The model achieves the following performance on the evaluation set:

| Metric | Value |
| :--- | :--- |
| **F1 Macro** | **0.44** |
| F1 Micro | TBD |
| Hamming Loss | TBD |

## Limitations

* **Language Specificity:** The model is optimized for Ukrainian and Russian. Performance on other languages is not guaranteed.
* **Domain Sensitivity:** Trained primarily on political and social media discourse, its performance may vary on other text domains (e.g., scientific, literary).
* **Context Length:** The model is limited to texts up to 512 tokens.
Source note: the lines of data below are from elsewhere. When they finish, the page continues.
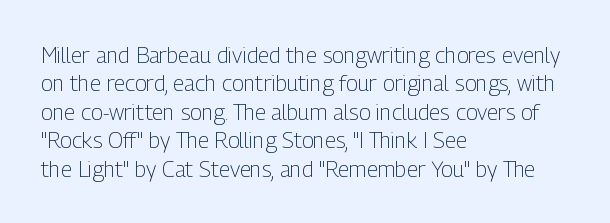
Q: Is the text bold? A: No.
Q: Is the text italic (slanted)? A: No, it is upright.
Q: Is the text underlined? A: No.
Q: How is the paragraph aligned? A: Left-aligned.
Q: Is the spacing between letters normal or unusually wide? A: Normal.
Q: Is the spacing between lines tight, normal or loose? A: Normal.

Longer documents must be chunked or truncated.
* **Class Imbalance:** Some manipulation techniques are underrepresented in the training data, which may affect their detection accuracy.

## Ethical Considerations

* **Purpose:** This model is intended as a tool to support media literacy and critical thinking, not as an arbiter of truth.
* **Human Oversight:** Model outputs should be interpreted with human judgment and a full understanding of the context. It should not be used to automatically censor content.
* **Potential Biases:** The model may reflect biases present in the training data.

## Citation

If you use this model in your research, please cite the following:

```bibtex
@misc{ukrainian-russian-manipulation-xlm-roberta-2025,
  author = {Oleh Mell},
  title = {Ukrainian/Russian Manipulation Detector - XLM-RoBERTa},
  year = {2025},
  publisher = {Hugging Face},
  url = {[https://huggingface.co/olehmell/ukr-rus-manipulation-detector-xlm-roberta](https://huggingface.co/olehmell/ukr-rus-manipulation-detector-xlm-roberta)}
}
```
```bibtex
@inproceedings{unlp2025shared,
  title={UNLP 2025 Shared Task on Techniques Classification},
  author={UNLP Workshop Organizers},
  booktitle={UNLP 2025 Workshop},
  year={2025},
  url={[https://github.com/unlp-workshop/unlp-2025-shared-task](https://github.com/unlp-workshop/unlp-2025-shared-task)}
}
```

## License

This model is licensed under the **Apache 2.0 License**.

## Acknowledgments

* The organizers of the UNLP 2025 Workshop for providing the dataset.